The Fight Against Evil
In lieu of my own words, some wise ones from Eleanor Arnason, explaining her aversion to "quest against evil" fantasy novels:
In so far as evil exists, it is people, and they are evil either because they have malfuctioning brains or because they have become corrupted. Evil is not creatures with many legs that remind you of spiders, and it isn't dark lords who loom in the distance. It is the greed heads and power freaks who decided to invade Iraq and destroy a nation to meet their personal needs, whatever those may be.
If fantasy is going to help us understand the world, then it ought to come up with descriptions of evil that help us recognize evil in the real world. Tolkien does this in Saruman, Wormtongue, Boromir, Denethor, the thugs in the Shire and so on. He shows us a wide range of corruption: those who intimidated by evil, those who are tempted, those who utterly corrupted.
I guess what I am saying is, evil is not The Other. It is right here in our neighbors and allies and the leaders we trust.
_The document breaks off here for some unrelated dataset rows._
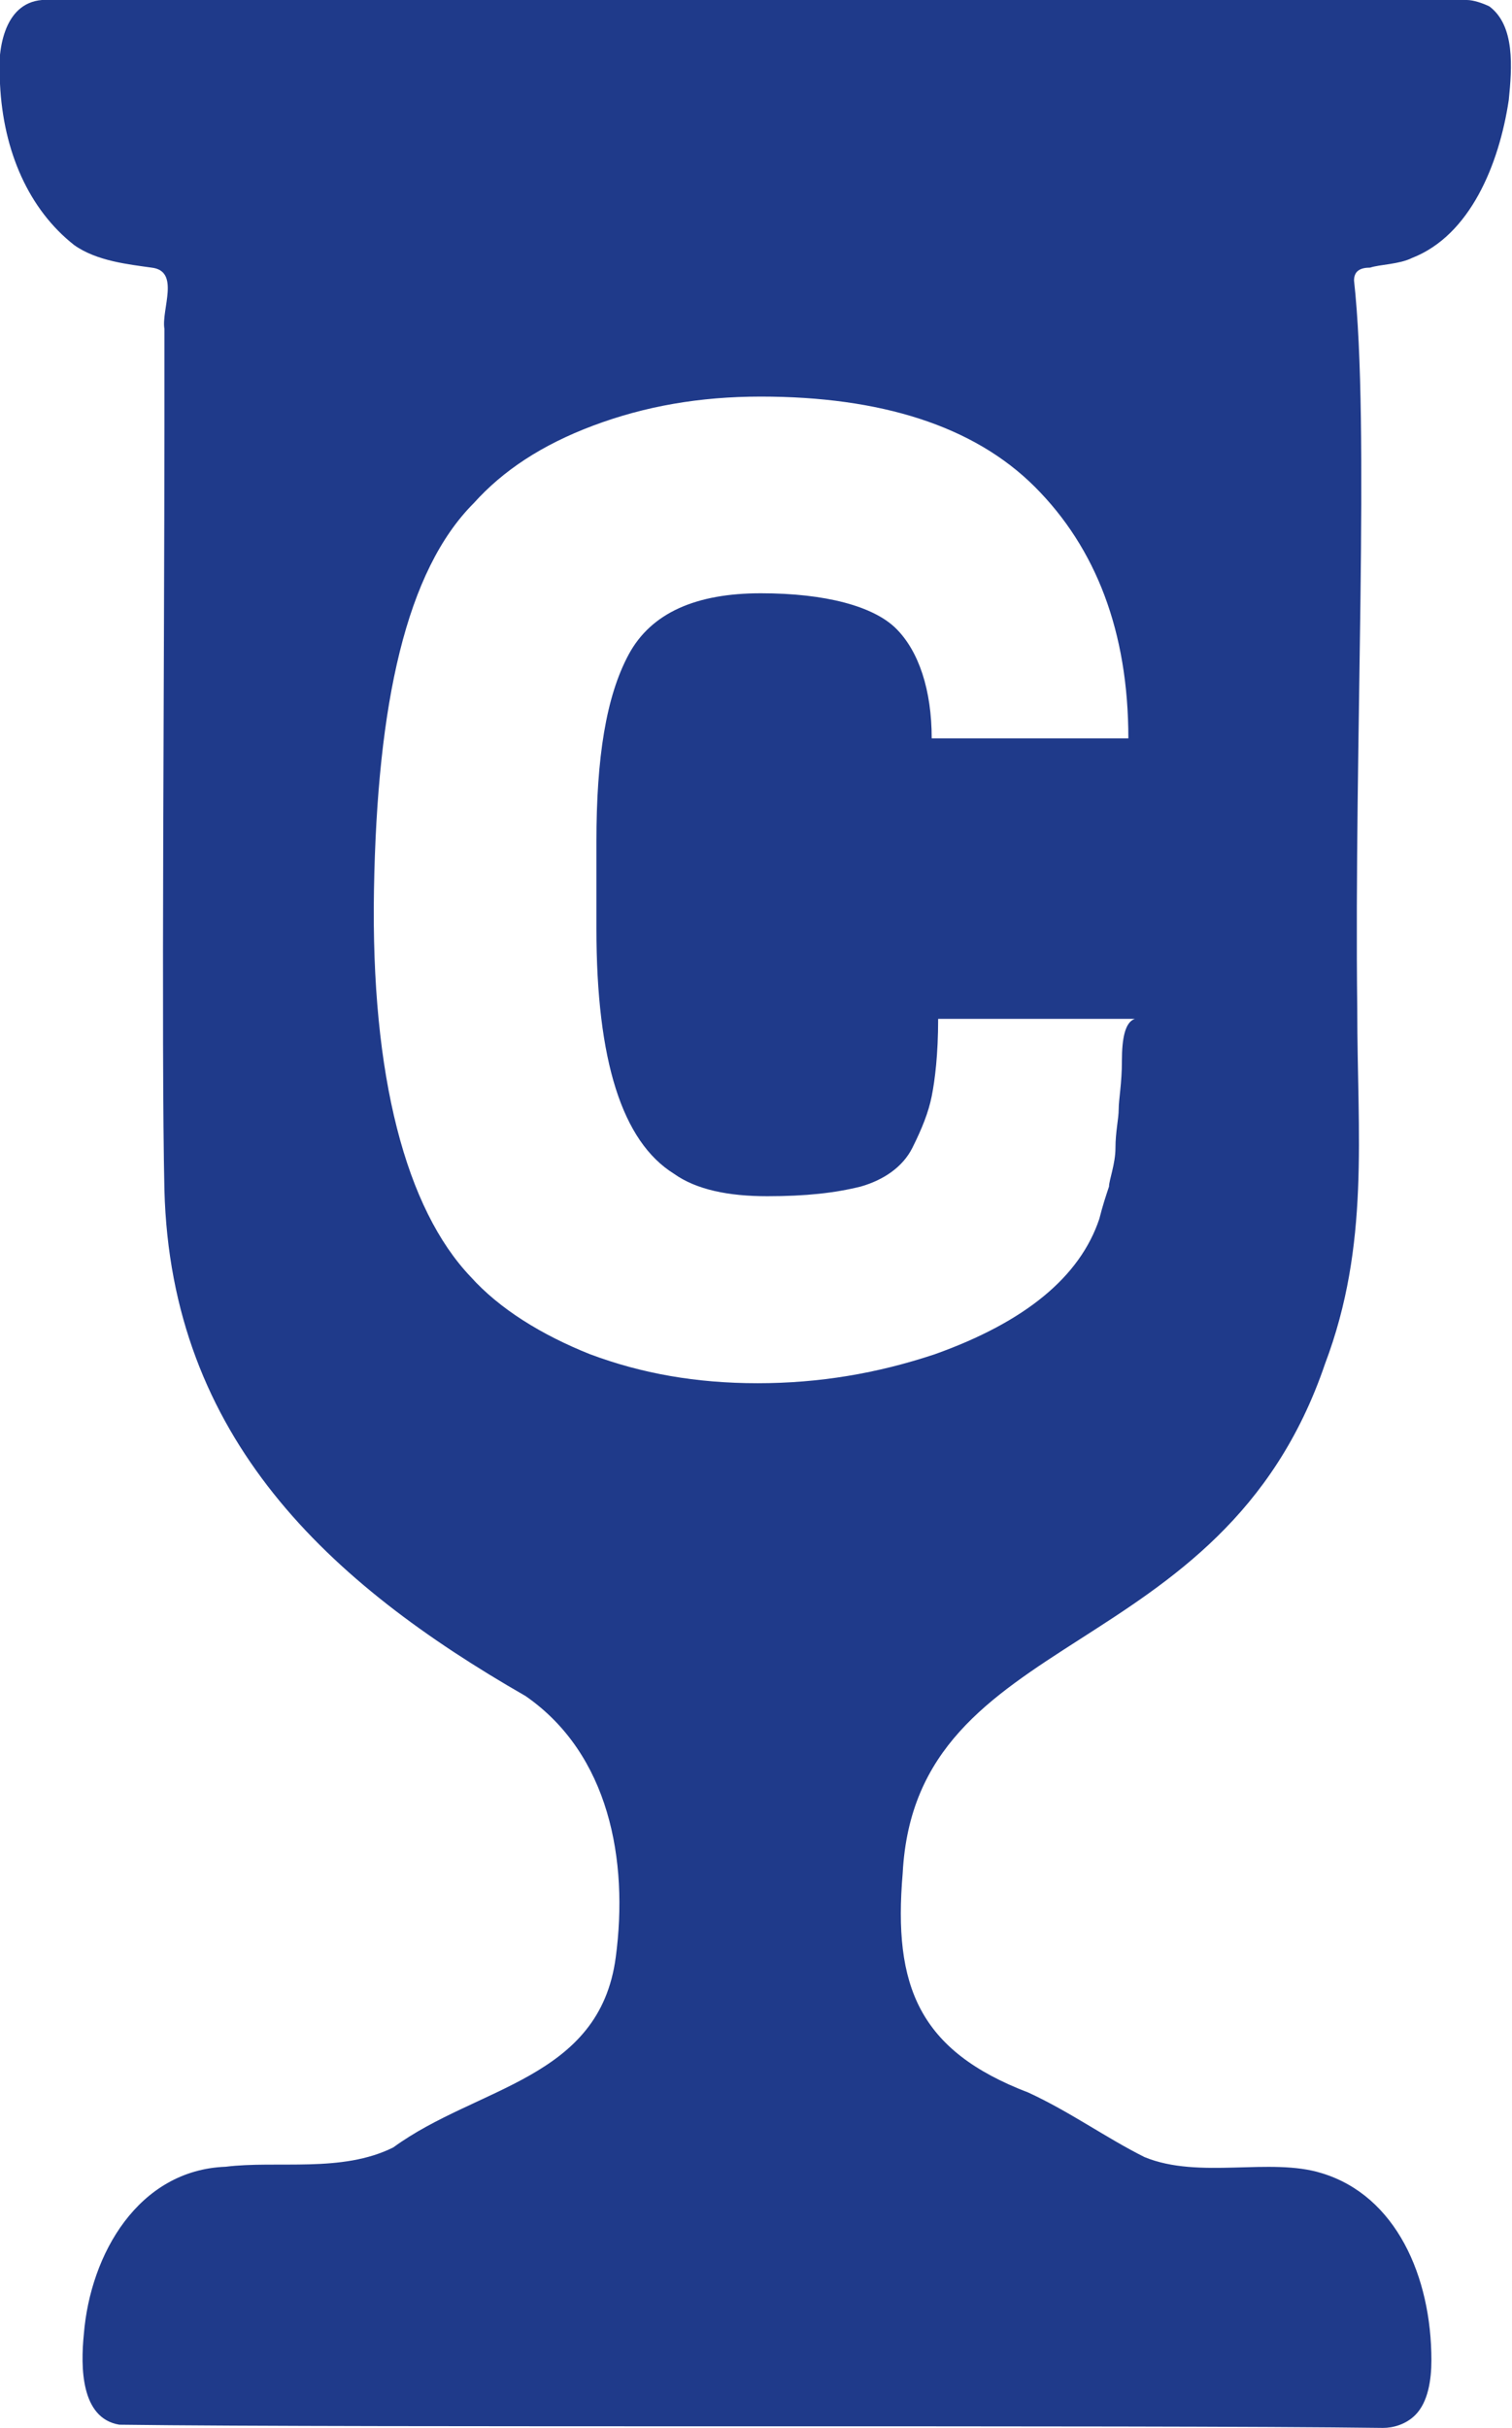 <?xml version="1.0" encoding="utf-8"?>
<!-- Generator: Adobe Illustrator 26.0.3, SVG Export Plug-In . SVG Version: 6.00 Build 0)  -->
<svg version="1.1" id="a" xmlns="http://www.w3.org/2000/svg" xmlns:xlink="http://www.w3.org/1999/xlink" x="0px" y="0px"
 viewBox="0 0 46.9 75.3" style="enable-background:new 0 0 46.9 75.3;" xml:space="preserve">
<style type="text/css">
.st0{fill:#1F3A8A;}
</style>
<path class="st0" d="M46.2,0.2c-0.2-0.1-0.5-0.2-0.7-0.2c-0.9,0-2,0-3.5,0C31.6,0,8.2,0,1.3,0C0.1,0.1-0.1,1.6,0,2.6
c0.1,2.1,0.9,3.9,2.3,5C3,8.1,4,8.2,4.7,8.3C5.6,8.4,5,9.6,5.1,10.2c0,1,0,2,0,2.9c0,7.6-0.1,19.4,0,23.8
c0.2,7.7,5.1,12.2,11.2,15.7c2.6,1.8,3.2,5.1,2.8,8.1c-0.5,3.8-4.3,4-6.9,5.9c-1.6,0.8-3.6,0.4-5.2,0.6c-2.7,0.1-4.2,2.7-4.4,5.2
c-0.1,1-0.1,2.6,1.1,2.8c7.4,0.1,31.8,0,39.2,0.1c0.3,0,0.7-0.1,1-0.4c0.4-0.4,0.5-1.1,0.5-1.7c0-2.6-1.1-5.1-3.4-5.8
c-1.6-0.5-3.8,0.2-5.5-0.5c-1.2-0.6-2.3-1.4-3.6-2c-3.4-1.3-4.2-3.3-3.9-6.8c0.4-7.7,9.9-6.4,13.1-15.8c1.4-3.7,1-7.1,1-11
C42,23,42.5,13.2,42,8.7c0-0.3,0.2-0.4,0.5-0.4c0.3-0.1,0.9-0.1,1.3-0.3h0c1.8-0.7,2.7-2.9,3-4.9C46.9,2.1,47,0.8,46.2,0.2L46.2,0.2
z M34.8,32.9c0,0.7-0.1,1.2-0.1,1.5s-0.1,0.7-0.1,1.2s-0.2,1-0.2,1.2c-0.1,0.3-0.2,0.6-0.3,1c-0.6,1.8-2.3,3.2-5.1,4.2
c-1.8,0.6-3.6,0.9-5.5,0.9s-3.6-0.3-5.2-0.9c-1.5-0.6-2.8-1.4-3.7-2.4c-2-2.1-3.1-6.2-3-12s1-9.9,3.1-12c0.9-1,2.1-1.8,3.7-2.4
c1.6-0.6,3.3-0.9,5.2-0.9c3.7,0,6.6,0.9,8.5,2.8s2.9,4.5,2.9,7.8h-6.1c0-1.5-0.4-2.7-1.1-3.4s-2.2-1.1-4.2-1.1s-3.4,0.6-4.1,1.9
c-0.7,1.3-1,3.2-1,5.8v2.7c0,4.1,0.8,6.6,2.4,7.6c0.7,0.5,1.7,0.7,2.9,0.7s2.1-0.1,2.9-0.3c0.7-0.2,1.3-0.6,1.6-1.2s0.5-1.1,0.6-1.6
c0.1-0.5,0.2-1.3,0.2-2.4l6.1,0C34.9,31.7,34.8,32.2,34.8,32.9L34.8,32.9z"/>
</svg>

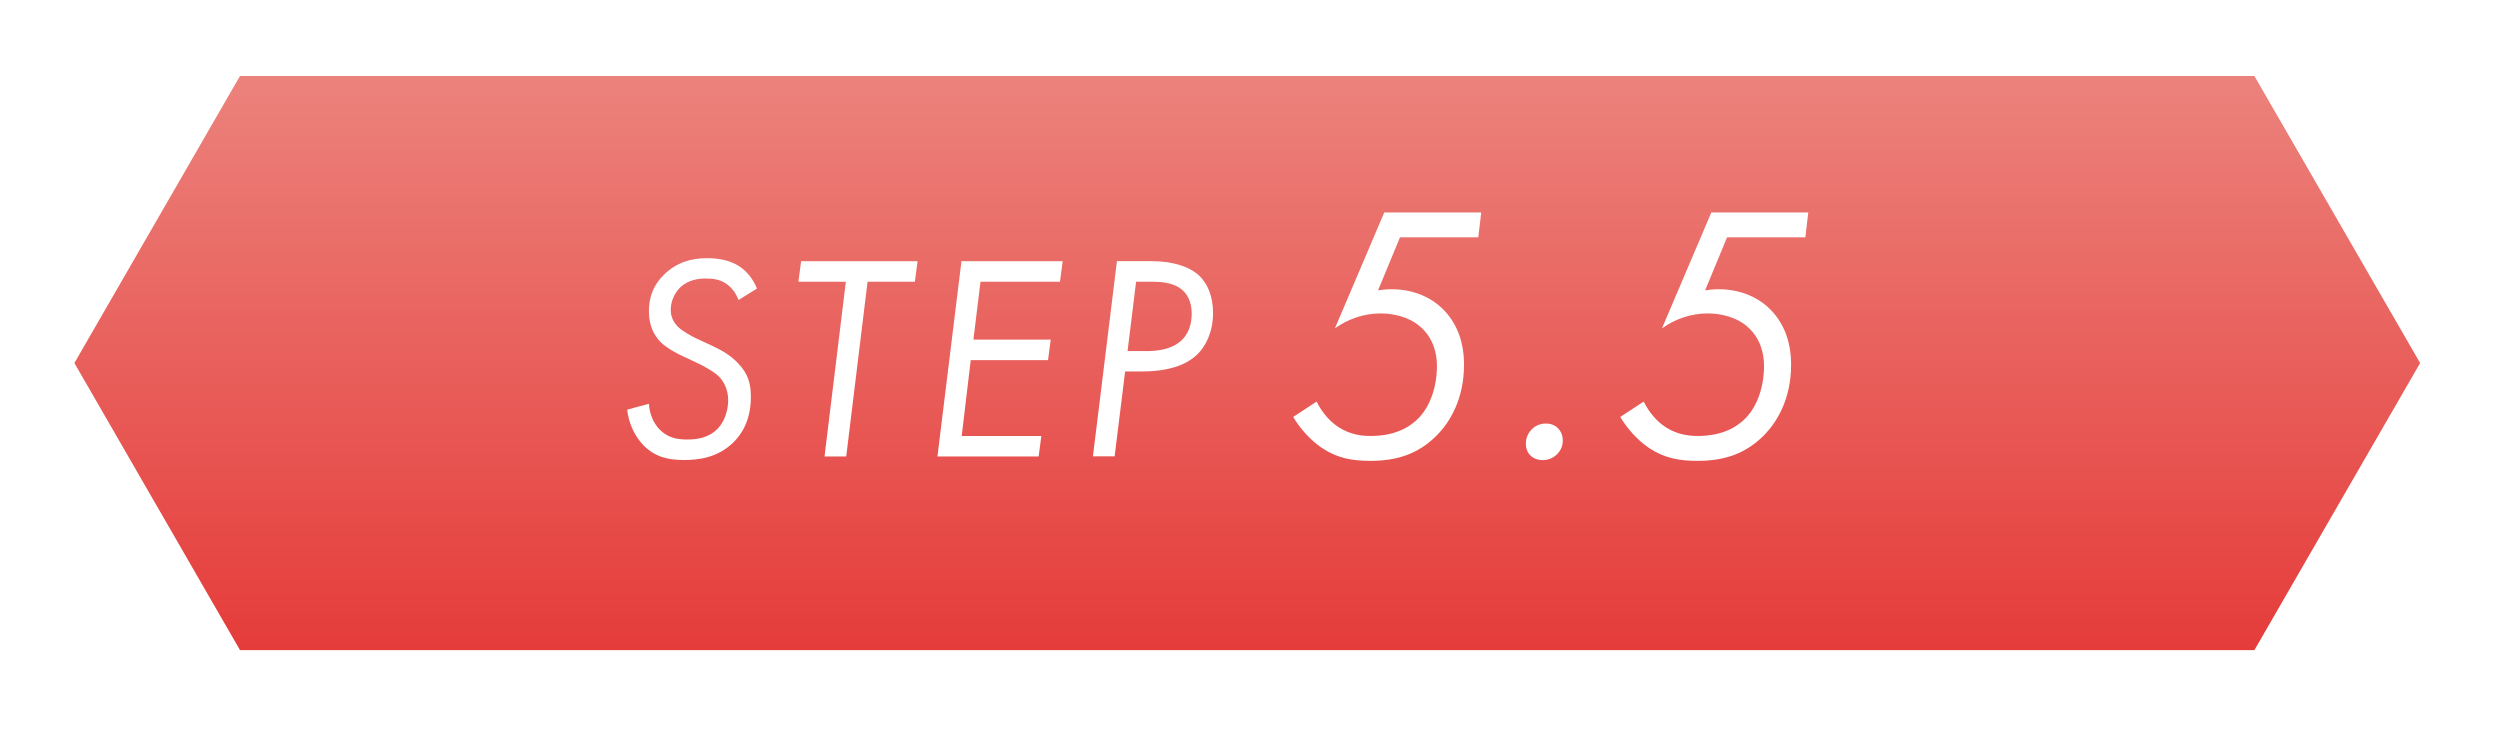 <?xml version="1.0" encoding="UTF-8"?>
<svg id="_レイヤー_2" data-name="レイヤー 2" xmlns="http://www.w3.org/2000/svg" xmlns:xlink="http://www.w3.org/1999/xlink" viewBox="0 0 205 60">
  <defs>
    <style>
      .cls-1 {
        fill: url(#_名称未設定グラデーション_280);
        filter: url(#drop-shadow-1);
      }

      .cls-1, .cls-2 {
        stroke-width: 0px;
      }

      .cls-2 {
        fill: #fff;
      }
    </style>
    <linearGradient id="_名称未設定グラデーション_280" data-name="名称未設定グラデーション 280" x1="100.35" y1="51.39" x2="100.35" y2="4.31" gradientUnits="userSpaceOnUse">
      <stop offset="0" stop-color="#e53c3a"/>
      <stop offset="1" stop-color="#ec827c"/>
    </linearGradient>
    <filter id="drop-shadow-1" filterUnits="userSpaceOnUse">
      <feOffset dx="1.92" dy="1.92"/>
      <feGaussianBlur result="blur" stdDeviation="1.92"/>
      <feFlood flood-color="#492b1f" flood-opacity=".2"/>
      <feComposite in2="blur" operator="in"/>
      <feComposite in="SourceGraphic"/>
    </filter>
  </defs>
  <g id="text">
    <g>
      <polygon class="cls-1" points="182.94 4.31 17.76 4.31 4.18 27.85 17.76 51.39 182.94 51.39 196.53 27.85 182.94 4.31"/>
      <g>
        <g>
          <path class="cls-2" d="M121.22,19.46h-6.42l-1.8,4.35c2.04-.33,3.99.24,5.28,1.5,1.05,1.02,1.77,2.52,1.77,4.59,0,2.88-1.2,4.74-2.19,5.76-1.62,1.65-3.45,2.13-5.49,2.13-1.47,0-2.7-.21-3.96-1.05-.99-.66-1.83-1.65-2.37-2.55l1.92-1.26c.12.24.6,1.17,1.47,1.86.96.75,1.98.96,2.97.96,1.98,0,3.21-.72,3.93-1.47.96-.99,1.5-2.58,1.5-4.29,0-.96-.27-2.28-1.41-3.24-.87-.75-2.13-1.05-3.21-1.05-1.35,0-2.67.45-3.75,1.23l4.05-9.51h7.95l-.24,2.04Z"/>
          <path class="cls-2" d="M125.6,35.21c.3-.33.75-.48,1.17-.48s.75.15.99.39c.24.24.39.6.39,1.02,0,.3-.09.78-.57,1.2-.33.27-.69.39-1.08.39-.51,0-.84-.21-1.02-.39-.18-.18-.36-.51-.36-.96,0-.63.33-1.02.48-1.17Z"/>
          <path class="cls-2" d="M148.04,19.46h-6.42l-1.8,4.35c2.04-.33,3.99.24,5.28,1.5,1.05,1.02,1.77,2.52,1.77,4.59,0,2.88-1.2,4.74-2.19,5.76-1.62,1.65-3.45,2.13-5.49,2.13-1.47,0-2.7-.21-3.96-1.05-.99-.66-1.83-1.65-2.37-2.55l1.92-1.26c.12.24.6,1.17,1.47,1.86.96.75,1.98.96,2.97.96,1.98,0,3.21-.72,3.93-1.47.96-.99,1.5-2.58,1.5-4.29,0-.96-.27-2.28-1.41-3.24-.87-.75-2.13-1.05-3.21-1.05-1.35,0-2.67.45-3.75,1.23l4.05-9.51h7.95l-.24,2.04Z"/>
        </g>
        <g>
          <path class="cls-2" d="M60.55,24.59c-.19-.55-.53-.96-.89-1.25-.6-.46-1.25-.5-1.8-.5-.6,0-1.37.1-2.02.67-.48.43-.84,1.15-.84,1.9,0,.5.19,1.03.67,1.46.31.29,1.01.67,1.34.84l1.44.67c.74.34,1.46.77,2.04,1.37.91.94,1.08,1.78,1.08,2.81,0,.94-.17,2.4-1.34,3.62-1.34,1.39-3.02,1.54-4.15,1.54-1.3,0-2.35-.24-3.31-1.2-.7-.72-1.22-1.78-1.34-2.93l1.78-.48c.05.82.36,1.56.86,2.09.7.72,1.49.84,2.28.84s1.75-.12,2.5-.89c.6-.62.86-1.56.86-2.33,0-.96-.43-1.66-.86-2.04-.31-.29-1.06-.72-1.56-.96l-1.27-.6c-.43-.19-1.37-.67-1.9-1.22-.43-.46-.91-1.22-.91-2.47,0-1.13.34-2.14,1.25-3.02,1.01-.98,2.18-1.34,3.53-1.34.7,0,1.78.1,2.64.67.62.41,1.15,1.08,1.44,1.82l-1.51.94Z"/>
          <path class="cls-2" d="M71.14,23.1l-1.75,14.33h-1.78l1.75-14.33h-3.89l.22-1.68h9.55l-.22,1.68h-3.89Z"/>
          <path class="cls-2" d="M86.93,23.1h-6.53l-.58,4.75h6.34l-.22,1.68h-6.34l-.74,6.22h6.53l-.22,1.68h-8.3l1.97-16.01h8.3l-.22,1.68Z"/>
          <path class="cls-2" d="M94.51,21.42c1.63,0,3.05.43,3.86,1.22.65.62,1.1,1.68,1.1,3.02,0,1.56-.6,2.74-1.3,3.41-.67.65-1.97,1.39-4.54,1.39h-1.37l-.86,6.96h-1.78l1.97-16.01h2.9ZM92.47,28.79h1.51c.86,0,2.04-.1,2.88-.86.48-.43.86-1.15.86-2.21s-.43-1.7-.89-2.04c-.65-.5-1.63-.58-2.35-.58h-1.32l-.7,5.69Z"/>
        </g>
      </g>
    </g>
  </g>
</svg>

I like that. I've always thought that the corrupted friend was a better villain than the guy who was just "evil" for whatever reason. Even though I do write some fantasy, I don't think I've often, if ever, written a "pure evil" villain. The villains in my stories are, as Eleanor says, the people among us who feel themselves above our moral codes, better than our society, more important than you and me.